We now again move the original $x$ in the Newton direction with step length $\alpha_1$:
x .= compute_new_iterate(x, α₁, direction(_cache))
1-element Vector{Float64}:
1.4394773498026217
We make another iteration:
gradient!(obj, x)
value!(obj, x)
update!(hess, x)
update!(_cache, x, gradient(obj), hess)
ls_obj = linesearch_objective(obj, _cache)
fˡˢ = ls_obj.F
∂fˡˢ∂α = ls_obj.D
p₀ = fˡˢ(0.)
p₁ = ∂fˡˢ∂α(0.)
α₀⁽²⁾ = determine_initial_α(ls_obj, SimpleSolvers.DEFAULT_ARMIJO_α₀)
y = fˡˢ(α₀)
p₂ = (y - p₀ - p₁*α₀⁽²⁾) / α₀⁽²⁾^2
p(α) = p₀ + p₁ * α + p₂ * α^2
αₜ = -p₁ / (2p₂)
1.0682684767171837
α₂ = adjust_α(αₜ, α₀⁽²⁾)
1.0682684767171837
We see that for $\alpha_2$ (as opposed to $\alpha_1$) we have $\alpha_2 = \alpha_t$ as $\alpha_t$ is in (this is what SimpleSolvers.adjust_α
checks for):
(DEFAULT_ARMIJO_σ₀ * α₀⁽²⁾, DEFAULT_ARMIJO_σ₁ * α₀⁽²⁾)
(0.512, 2.56)
x .= compute_new_iterate(x, α₂, direction(_cache))

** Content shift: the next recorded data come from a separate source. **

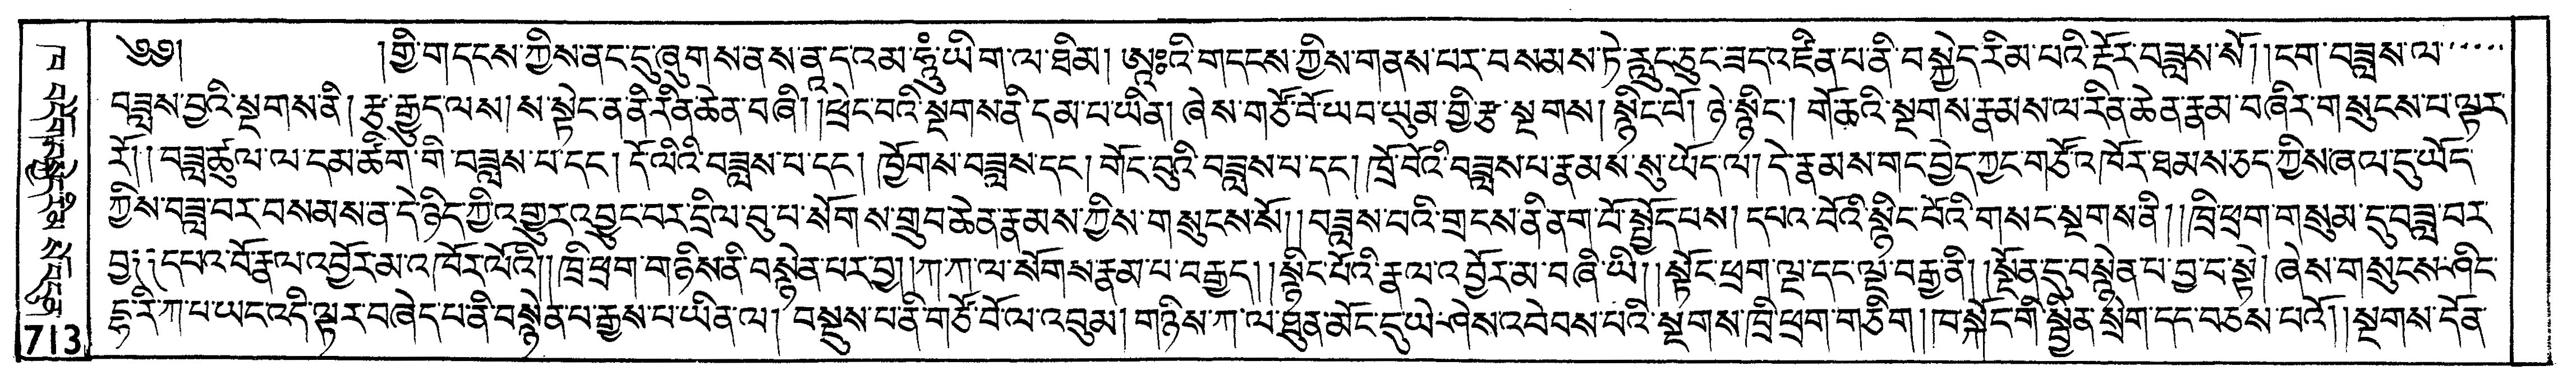༄༅། །གྱི་གདངས་ཀྱིས་ནང་དུ་ཞུགས་ནས་ནཱ་ད་འམ་ཧཱུཾ་ཡིག་ལ་ཐིམ། ཨཱཿའི་གདངས་ཀྱིས་གནས་པར་བསམས་ཏེ་རླུང་ཅུང་ཟད་འཛིན་པ་ནི་བསྐྱེད་རིམ་པའི་རྡོར་བཟླས་སོ། །ངག་བཟླས་ལ་
བཟླས་བྱའི་སྔགས་ནི། རྩ་རྒྱུད་ལས། ས་སྟེང་ན་ནི་རིན་ཆེན་བཞི། །ཕྲེང་བའི་སྔགས་ནི་དམ་པ་ཡིན། ཞེས་གཙོ་བོ་ཡབ་ཡུམ་གྱི་རྩ་སྔགས། སྙིང་པོ། ཉེ་སྙིང་། གོ་ཆའི་སྔགས་རྣམས་ལ་རིན་ཆེན་རྣམ་བཞིར་གསུངས་པ་ལྟར་
རོ། །བཟླ་ཚུལ་ལ་དམ་ཚིག་གི་བཟླས་པ་དང་། དོ་ལིའི་བཟླས་པ་དང་། ཁྱོགས་བཟླས་དང་། གོང་བུའི་བཟླས་པ་དང་། ཁྲོ་བོའི་བཟླས་པ་རྣམས་སུ་ཡོད་ལ། དེ་རྣམས་གང་བྱེད་ཀྱང་གཙོ་འཁོར་ཐམས་ཅད་ཀྱིས་ཞལ་དུ་ཡོད་
ཀྱིས་བཟླ་བར་བསམས་ན་དེ་ཉིད་ཀྱི་འགྱུར་འབྱུང་བར་དྲིལ་བུ་པ་སོགས་གྲུབ་ཆེན་རྣམས་ཀྱིས་གསུངས་སོ། །བཟླས་པའི་གྲངས་ནི་ནག་པོ་སྤྱོད་པས། དཔའ་བོའི་སྙིང་པོའི་གསང་སྔགས་ནི། །ཁྲི་ཕྲག་གསུམ་དུ་བཟླ་བར་
བྱ། །དཔའ་བོ་རྣལ་འབྱོར་མ་འཁོར་ལོའི། །ཁྲི་ཕྲག་གཉིས་ནི་བསྙེན་པར་བྱ། །ཀ་ཀ་ལ་སོགས་རྣམ་པ་བརྒྱད། །སྙིང་པོའི་རྣལ་འབྱོར་མ་བཞི་ཡི། །སྟོང་ཕྲག་ལྔ་དང་ལྔ་བརྒྱ་ནི། །སྔོན་དུ་བསྙེན་པ་བྱ་བ་སྟེ། ཞེས་གསུངས་ཤིང་
དྷ་རི་ཀ་པ་ཡང་འདི་ལྟར་བཞེད་པ་ནི་བསྙེན་པ་རྒྱས་པ་ཡིན་ལ། བསྡུས་པ་ནི་གཙོ་བོ་ལ་འབུམ། གཉིས་ཀ་ལ་ཐུན་མོང་དུ་ཡེ་ཤེས་འབེབས་པའི་སྔགས་ཁྲི་ཕྲག་གཅིག །ཁ་སྐོང་གི་སྦྱིན་སྲེག་དང་བཅས་པའོ། །སྔགས་དོན་
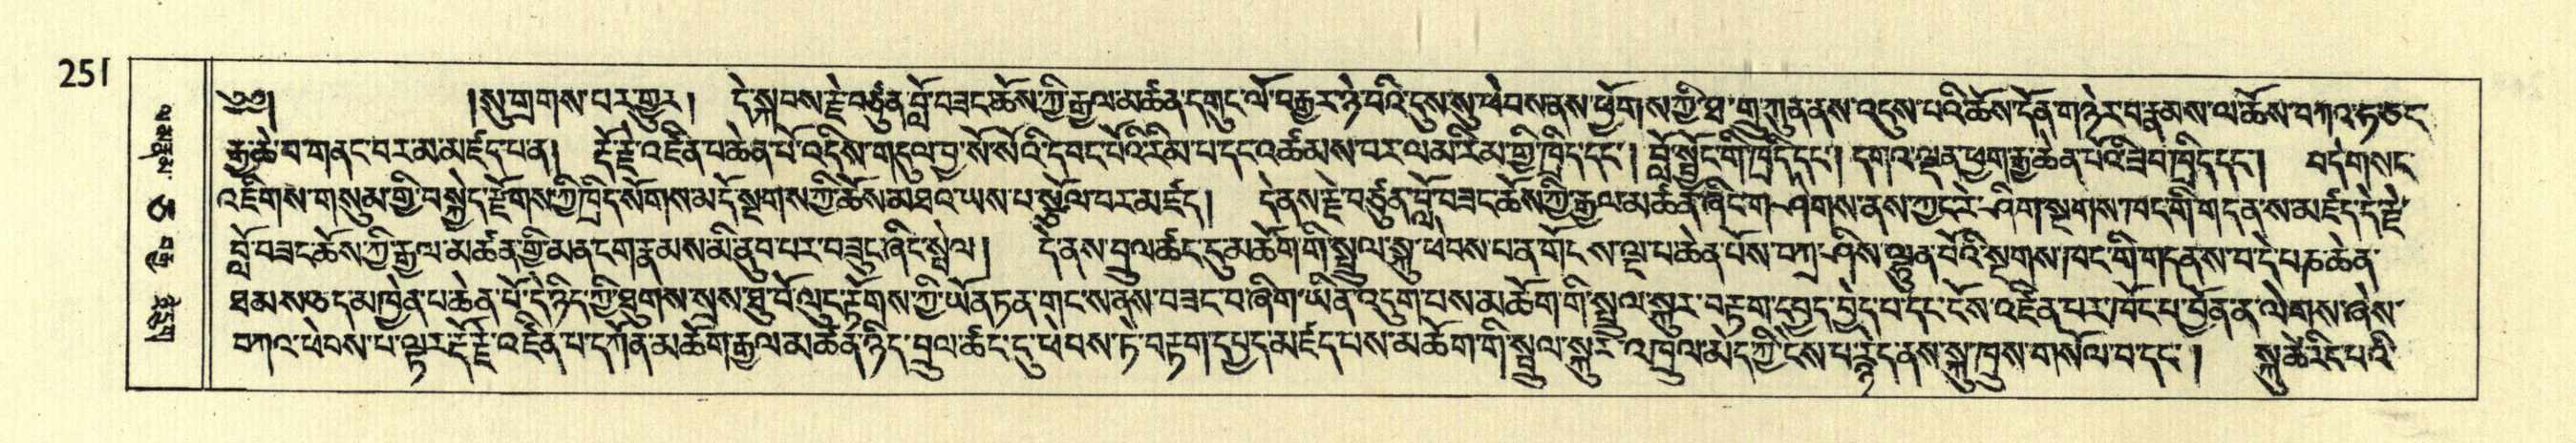༄༅། །སུ་གྲགས་པར་གྱུར། དེ་སྐབས་རྗེ་བཙུན་བློ་བཟང་ཆོས་ཀྱི་རྒྱལ་མཚན་དགུང་ལོ་བརྒྱར་ཉེ་བའི་དུས་སུ་ཕེབས་ནས་ཕྱོགས་ཀྱི་ཐ་གྲུ་ཀུན་ནས་འདུས་པའི་ཆོས་དོན་གཉེར་བ་རྣམས་ལ་ཆོས་བཀའ་ཧ་ཅང་
རྒྱ་ཆེ་བ་གནང་བར་མ་མཛད་པ་ན། རྡོ་རྗེ་འཛིན་པ་ཆེན་པོ་འདིས་གདུལ་བྱ་སོ་སོའི་དབང་པོའི་རིམ་པ་དང་འཚམས་པར་ལམ་རིམ་གྱི་ཁྲིད་དང་། བློ་སྦྱོང་གི་ཁྲིད་དང་། དགའ་ལྡན་ཕྱག་རྒྱ་ཆེན་པོའི་ཟབ་ཁྲིད་དང་། བདེ་གསང་
འཇིགས་གསུམ་གྱི་བསྐྱེད་རྫོགས་ཀྱི་ཁྲིད་སོགས་མདོ་སྔགས་ཀྱི་ཆོས་མཐའ་ཡས་པ་སྩོལ་བར་མཛད། དེ་ནས་རྗེ་བཙུན་བློ་བཟང་ཆོས་ཀྱི་རྒྱལ་མཚན་ཞིང་གཤེགས་ནས་ཀྱང་རེ་ཤིག་སྔགས་ཁང་གི་གདན་ས་མཛད་དེ་རྗེ་
བློ་བཟང་ཆོས་ཀྱི་རྒྱལ་མཚན་གྱི་མན་ངག་རྣམས་མི་ནུབ་པར་བཟུང་ཞིང་སྦེལ། དེ་ནས་བྲུལ་ཚང་དུ་མཆོག་གི་སྤྲུལ་སྐུ་ཕེབས་པ་ན་གོང་ས་ལྔ་པ་ཆེན་པོས་བཀྲ་ཤིས་ལྷུན་པོའི་སྔགས་ཁང་གི་གདན་ས་པ་དེ་པཎ་ཆེན་
ཐམས་ཅད་མཁྱེན་པ་ཆེན་པོ་དེ་ཉིད་ཀྱི་ཐུགས་སྲས་ཐུ་བོ་ལུང་རྟོགས་ཀྱི་ཡོན་ཏན་གང་ས་ནས་བཟང་བ་ཞིག་ཡིན་འདུག་པས་མཆོག་གི་སྤྲུལ་སྐུར་བརྟག་དབྱད་བྱེད་པ་དང་ངོས་འཛིན་པར་ཁོང་པ་བྱོན་ན་ལེགས་ཞེས་
བཀའ་ཕེབས་པ་ལྟར་རྡོ་རྗེ་འཛིན་པ་དཀོན་མཆོག་རྒྱལ་མཚན་ཉིད་བྲུལ་ཚང་དུ་ཕེབས་ཏེ་བརྟག་དཔྱད་མཛད་པས་མཆོག་གི་སྦྲུལ་སྐུར་འཁྲུལ་མེད་ཀྱི་ངེས་རྙེད་ནས་སྐུ་ཁྲུས་གསོལ་བ་དང་། སྐུ་ཚེ་རིང་པའི་
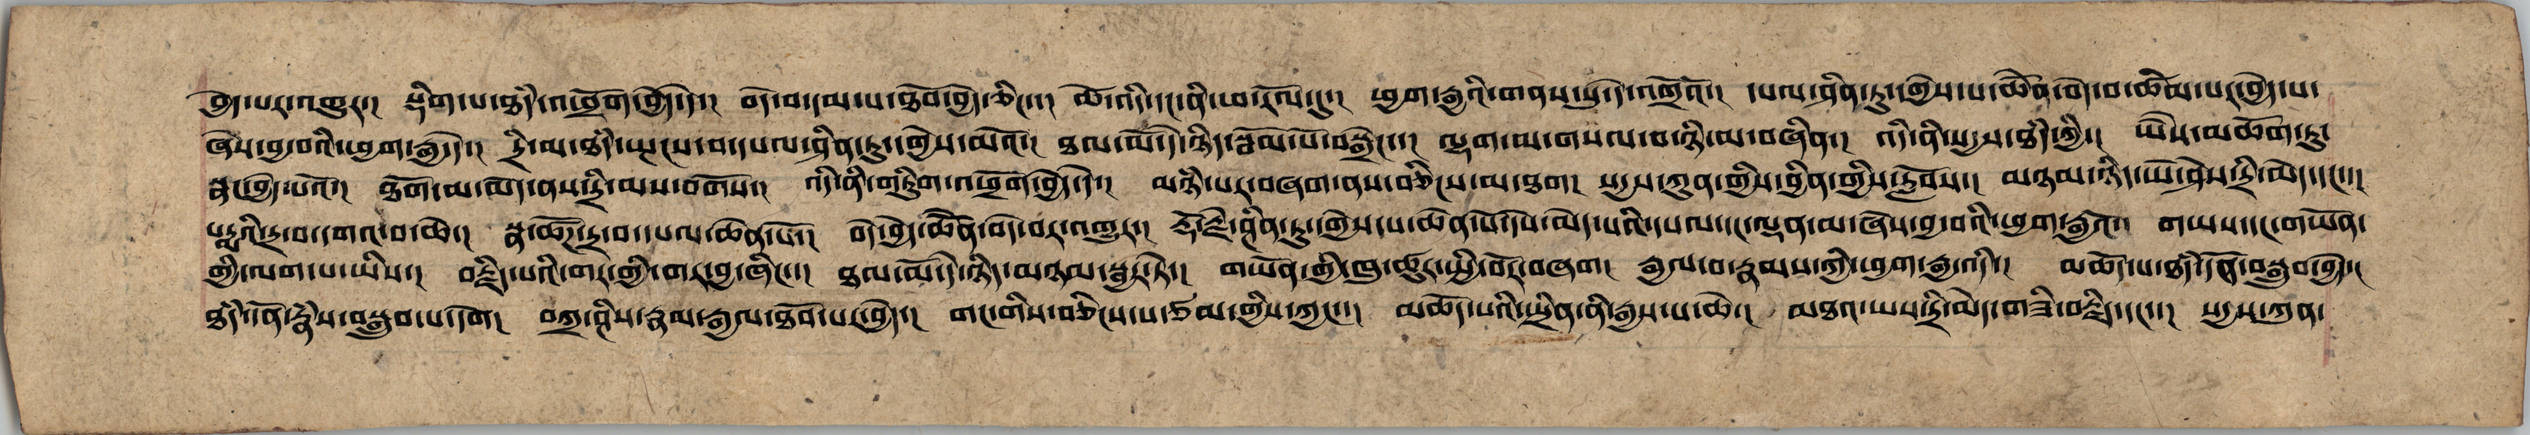བྱེད་པར་འགྱུར་། སྡིག་པ་ཐཾད་འཕྲོག་བྱེད་དེ་། བདེ་བ་དམ་པ་ཐོབ་བྱེད་ཅིང་་། ཚེ་འདི་དང་ནི་ཕ་རོལ་དུ་། ཕྱག་རྒྱའི་གནས་སུ་དེ་འགྲོའོ་། དཔལ་ཤིན་ཏུ་དགྱེས་པ་ཆེནོ་བདེ་བ་ཚིམ་པར་བྱེད་པ་
ཞེས་བྱ་བའི་ཕྱག་རྒྱ་དེ་། དྲི་མ་ཐཾད་སྤངས་བ་དཔལ་ཤིན་ཏུ་དགྱེས་མའོ་། ཐལ་མོ་དེ་ཉིད་སྦོམ་པོ་བསྒྲེང་་། ལྷག་མ་གསལ་བ་ཉི་མ་བཞིན་། འདི་ནི་སདྱས་ཐཾད་ཀྱི་། ཡཻས་མཆོག་ཏུ་
སྣང་བྱེད་པའོ་། ཐོག་མ་མེད་ནས་དྲི་མས་བགོས་། འདི་ནི་གཏིུག་འཕྲོག་བྱེད་དེ་། མཉཾ་པར་བཞག་ནས་བཅིངས་མ་ཐག། སདྱས་ཀུན་གྱིས་བྱིན་གྱིས་རློབས་། མཉམ་ཉིད་ཡེ་ཤེས་དྲི་མེད་དང་་།
པདྨའི་དྲ་བ་དགའ་བ་ཆེ་། སྣ་ཚོཌ་དྲ་བ་དཔལ་ཆེན་པོ་། བདེ་བྱེད་ཆེནོ་བདེ་བར་འགྱུར་། རྡོ་རྗེ་ཤིན་ཏུ་དགྱེས་པ་ཆེན་པོ་དཔེ་མེད་པའི་དཔལ་དང་ལྡན་མ་ཞེས་བྱ་བའི་ཕྱག་རྒྱའོ་། གཡས་དང་གཡོན་
གྱི་ལག་པ་ཡིས་། བརྗིད་པའི་གར་གྱི་གར་བྱ་ཞིང་་། ཐལ་མོ་དེ་ཉིད་མཉམ་སྦྱར་ཏེ་། གཡོན་གྱི་ཁུ་ཚུར་སྤྱི་བོར་བཞག། རྒྱལ་བ་རྣམས་ཀྱི་ཕྱག་རྒྱ་འདི་། མཆོད་པ་ཐཾད་དོན་བསྒྲུབ་བྱེད་།
ཐཾད་དོན་རྣཾས་བསྒྲུབ་པ་དགེ། བཀྲ་ཤིས་རྣམ་རྒྱལ་ཐོབ་པར་བྱེད་། གང་གིས་བཅིངས་པ་ཙམ་གྱིས་ཀྱང་་། མཆོད་པའི་སྤྲིན་ནི་རྒྱས་པ་ཆེ་། མཐའ་ཡས་དྲི་མེད་གཟི་བརྗིད་དང་་། སདྱས་ཀུན་
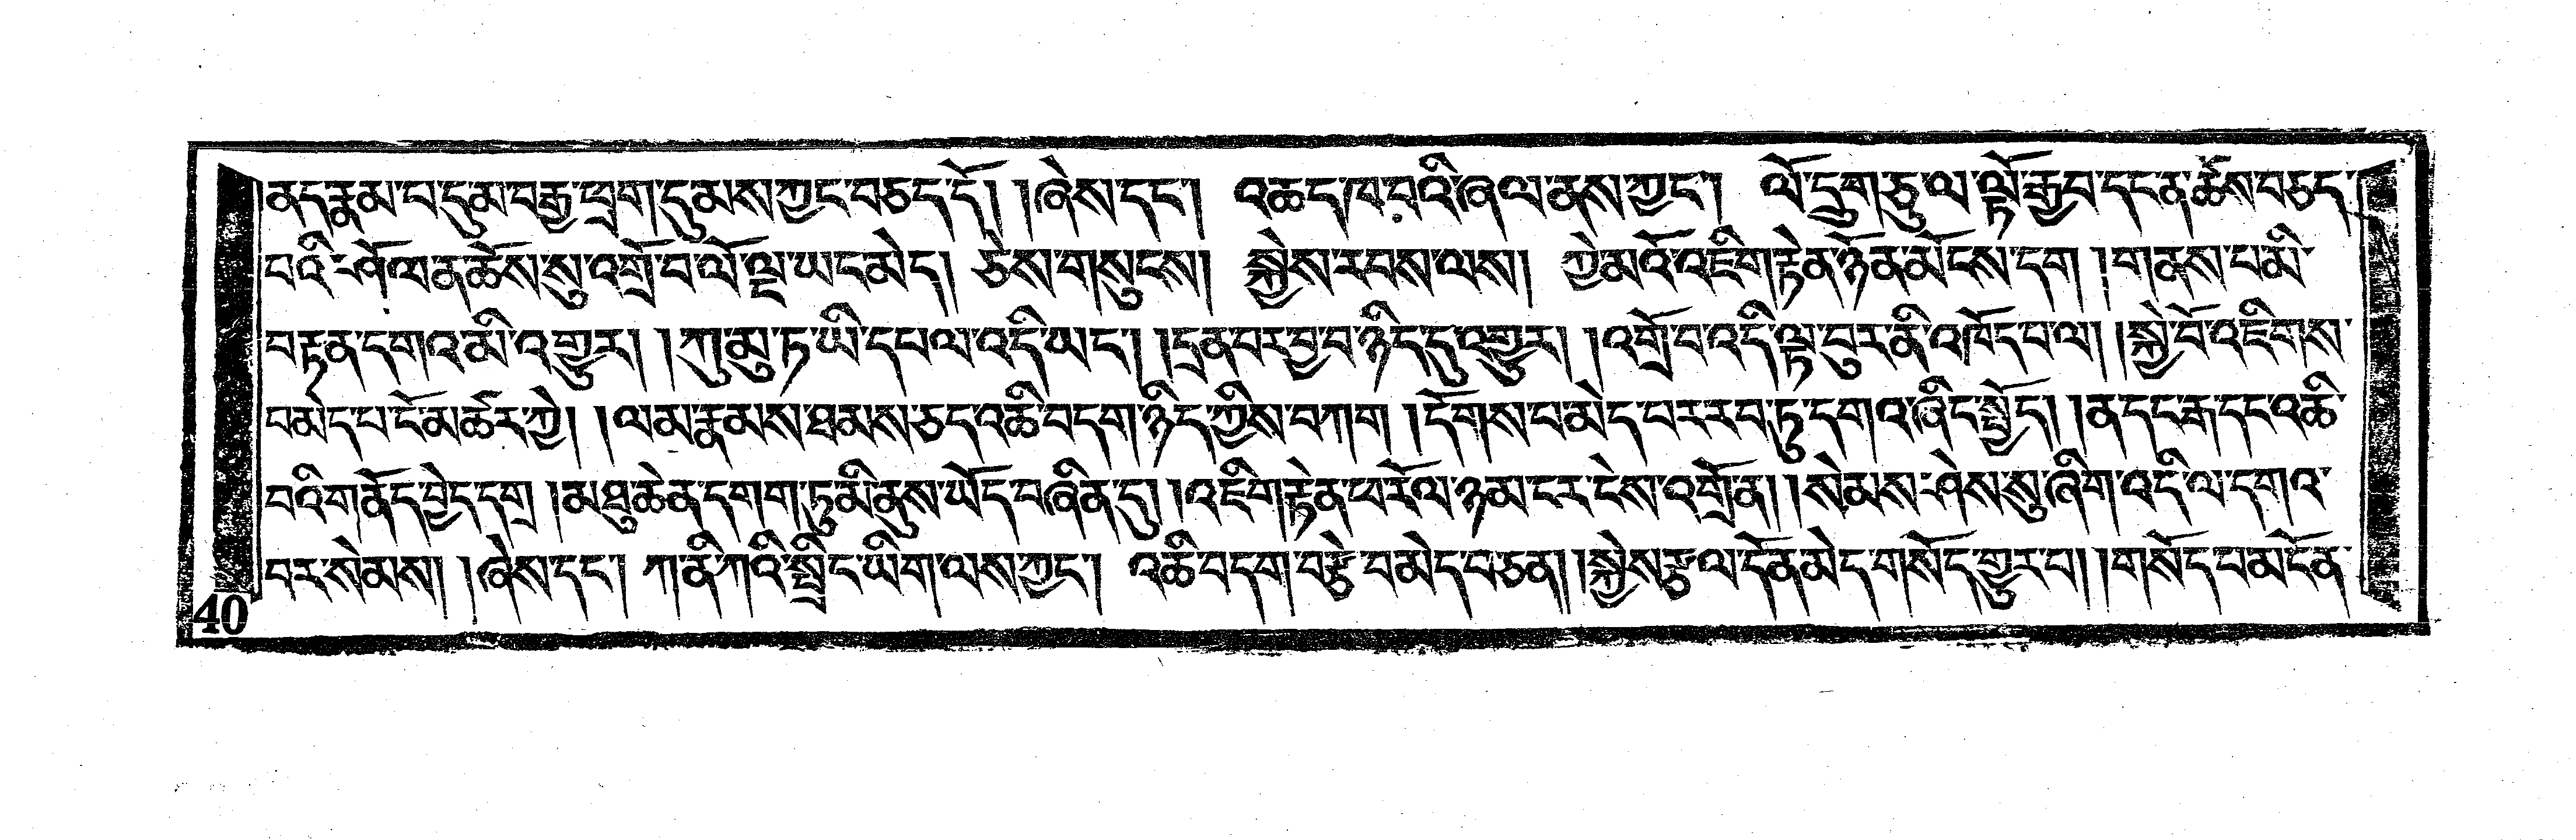ནད་རྣམ་པ་དུ་མ་བརྒྱ་ཕྲག་དུ་མས་ཀྱང་བཅད་དོ། །ཞེས་དང་། འཆད་ཁ་བའི་ཞལ་ནས་ཀྱང་། ལོ་དྲུག་ཅུ་ལ་ལྟོ་རྒྱབ་དང་ན་ཆོས་བཅད་
པའི་ཤོལ་ན་ཆོས་སུ་འགྲོ་བ་ལོ་ལྔ་ཡང་མེད། ཅེས་གསུངས། སྐྱེས་རབས་ལས། ཀྱེ་མའོ་འཇིག་རྟེན་ཉོན་མོངས་དག །གནས་པ་མི་
བརྟན་དགའ་མི་འགྱུར། །ཀུ་མུ་ཏ་ཡི་དཔལ་འདི་ཡང་། །དྲན་པར་བྱ་བ་ཉིད་དུ་འགྱུར། །འགྲོ་བ་འདི་ལྟ་བུར་ནི་འཁོད་པ་ལ། །སྐྱེ་བོ་འཇིགས་
པ་མེད་པ་ངོ་མཚར་ཀྱེ། །ལམ་རྣམས་ཐམས་ཅད་འཆི་བདག་ཉིད་ཀྱིས་བཀག །དོགས་པ་མེད་པར་རབ་ཏུ་དགའ་ཞིང་སྤྱོད། །ན་དང་རྒ་དང་འཆི་
བའི་གནོད་བྱེད་དགྲ་།མཐུ་ཆེན་དགག་ཏུ་མི་ནུས་ཡོད་བཞིན་དུ། །འཇིག་རྟེན་ཕ་རོལ་ཉམ་ངར་ངེས་འགྲོ་ན། །སེམས་ཤེས་སུ་ཞིག་འདི་ལ་དགའ་
བར་སེམས། །ཞེས་དང་། ཀ་ནི་ཀའི་སྤྲིང་ཡིག་ལས་ཀྱང་། འཆི་བདག་བརྩེ་བ་མེད་པ་ཅན། །སྐྱེས་རྩལ་དོན་མེད་གསོད་གྱུར་པ། །གསོད་པ་མངོན་

1-element Vector{Float64}:
1.2931972894162747
We finally compute a third iterate:
gradient!(obj, x)
value!(obj, x)
update!(hess, x)
update!(_cache, x, gradient(obj), hess)
ls_obj = linesearch_objective(obj, _cache)
fˡˢ = ls_obj.F
∂fˡˢ∂α = ls_obj.D
p₀ = fˡˢ(0.)
p₁ = ∂fˡˢ∂α(0.)
α₀⁽³⁾ = determine_initial_α(ls_obj, SimpleSolvers.DEFAULT_ARMIJO_α₀)
y = fˡˢ(α₀)
p₂ = (y - p₀ - p₁*α₀⁽³⁾) / α₀^2
p(α) = p₀ + p₁ * α + p₂ * α^2
αₜ = -p₁ / (2p₂)
α₃ = adjust_α(αₜ, α₀⁽³⁾)
0.3759474782302077
x .= compute_new_iterate(x, α₃, direction(_cache))
1-element Vector{Float64}:
1.281997845228676
- 1This is different from the Bierlaire quadratic polynomial described in [2].